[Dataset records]
::::::::::

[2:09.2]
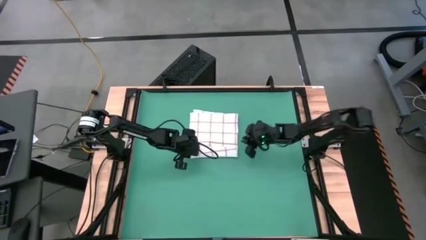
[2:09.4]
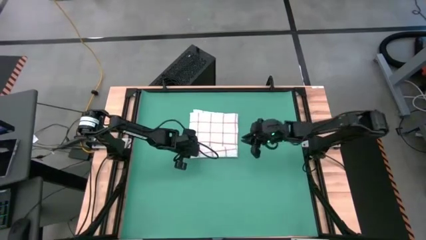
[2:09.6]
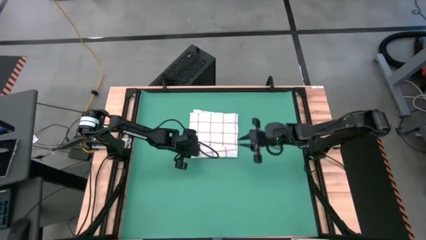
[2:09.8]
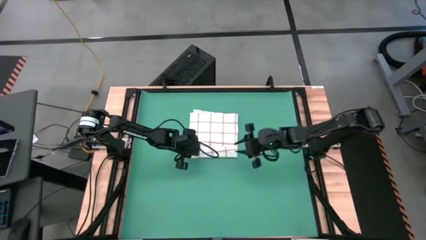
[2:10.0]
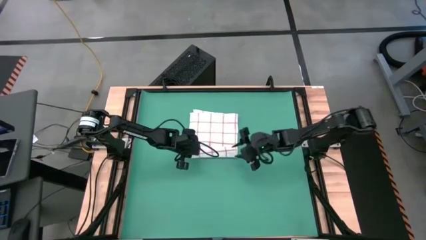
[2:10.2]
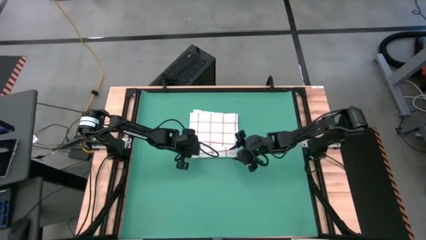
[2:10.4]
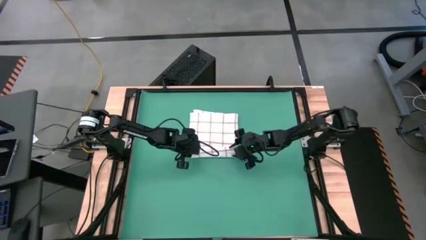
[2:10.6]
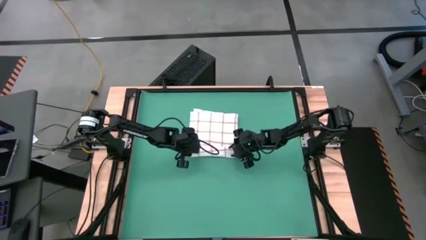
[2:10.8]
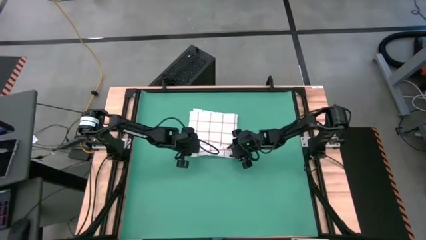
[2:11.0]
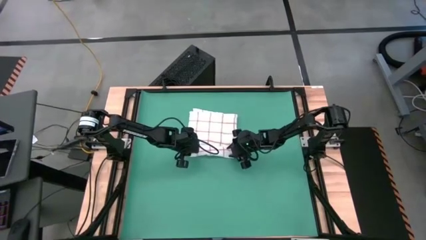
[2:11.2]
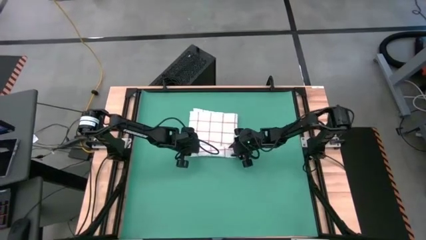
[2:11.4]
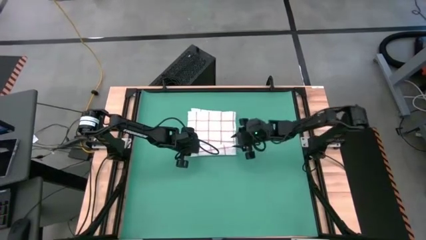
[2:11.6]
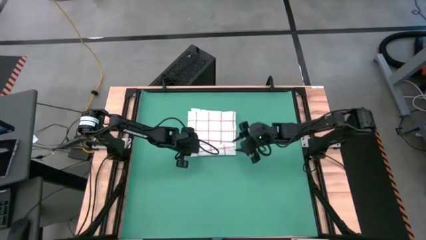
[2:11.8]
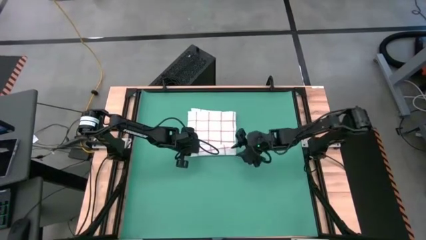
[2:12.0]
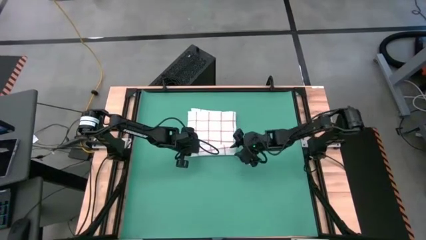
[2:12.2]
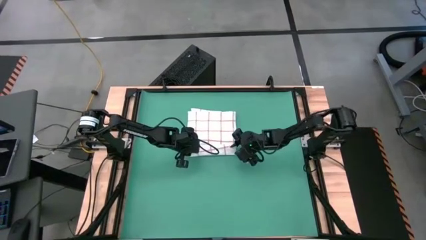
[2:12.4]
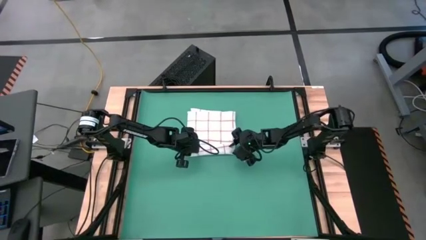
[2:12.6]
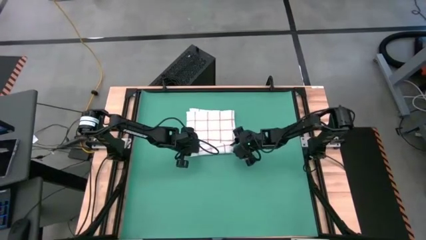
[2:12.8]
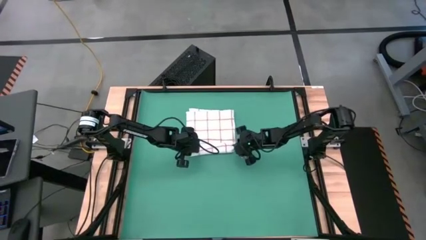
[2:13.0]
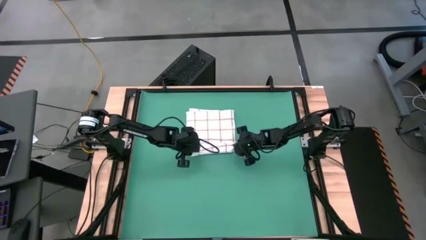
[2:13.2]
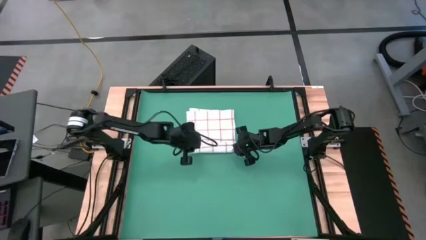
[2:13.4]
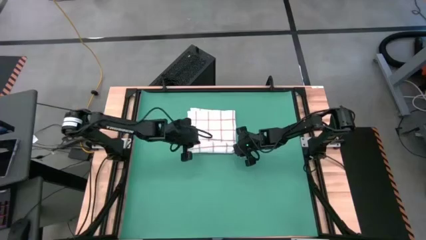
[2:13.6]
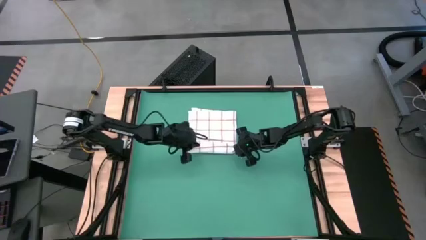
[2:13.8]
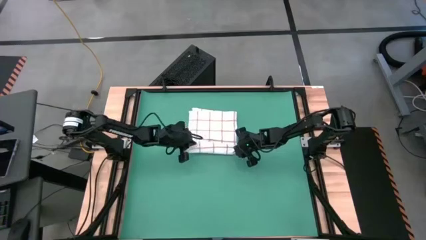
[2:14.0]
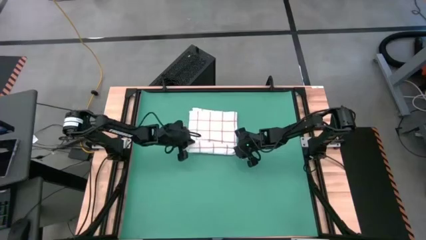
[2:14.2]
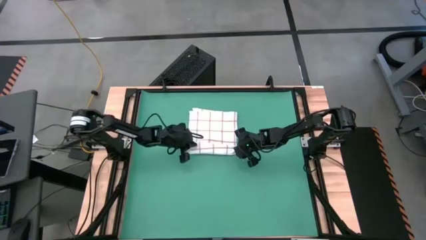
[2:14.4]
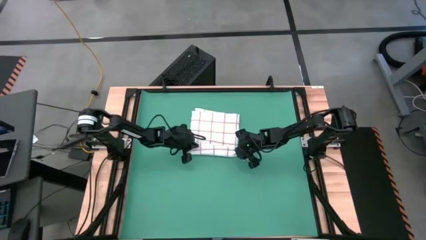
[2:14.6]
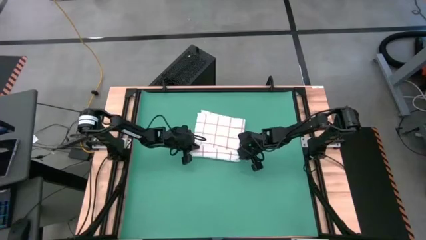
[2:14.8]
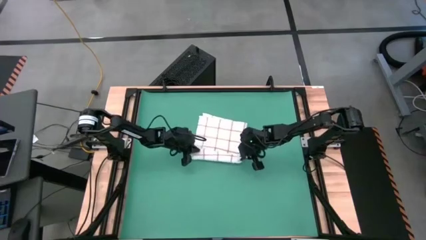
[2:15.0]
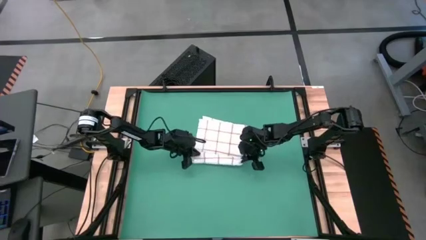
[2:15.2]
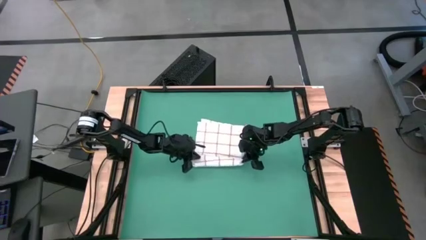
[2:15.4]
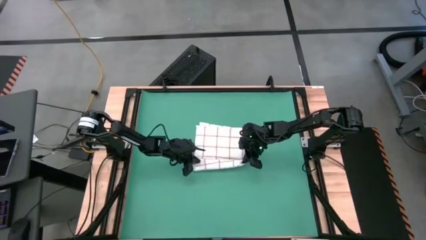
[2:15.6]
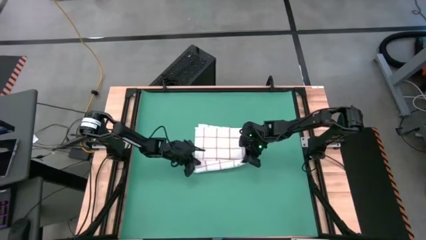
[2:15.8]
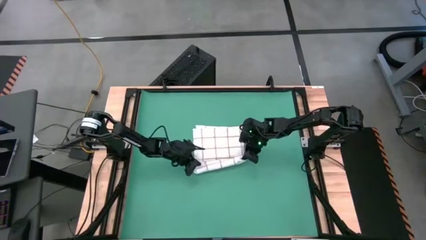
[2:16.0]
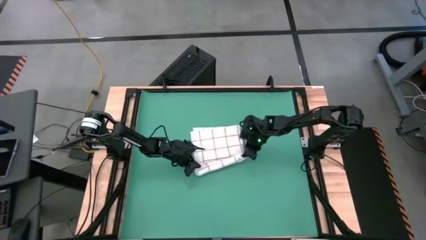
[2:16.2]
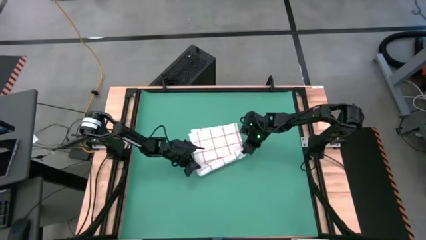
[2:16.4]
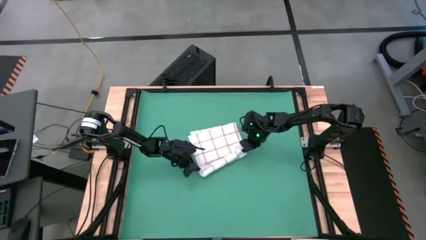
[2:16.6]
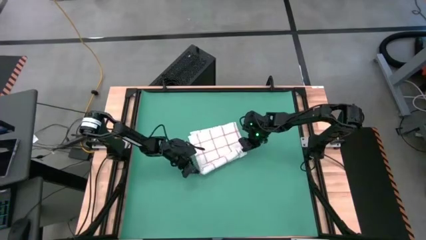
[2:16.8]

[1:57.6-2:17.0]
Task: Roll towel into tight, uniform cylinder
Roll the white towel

::::::::::

Output the lines above in full and exactly as given, omitting any pictures.

[2:09.2]
[2:09.4]
[2:09.6]
[2:09.8]
[2:10.0]
[2:10.2]
[2:10.4]
[2:10.6]
[2:10.8]
[2:11.0]
[2:11.2]
[2:11.4]
[2:11.6]
[2:11.8]
[2:12.0]
[2:12.2]
[2:12.4]
[2:12.6]
[2:12.8]
[2:13.0]
[2:13.2]
[2:13.4]
[2:13.6]
[2:13.8]
[2:14.0]
[2:14.2]
[2:14.4]
[2:14.6]
[2:14.8]
[2:15.0]
[2:15.2]
[2:15.4]
[2:15.6]
[2:15.8]
[2:16.0]
[2:16.2]
[2:16.4]
[2:16.6]
[2:16.8]

[1:57.6-2:17.0]
Task: Roll towel into tight, uniform cylinder
Roll the white towel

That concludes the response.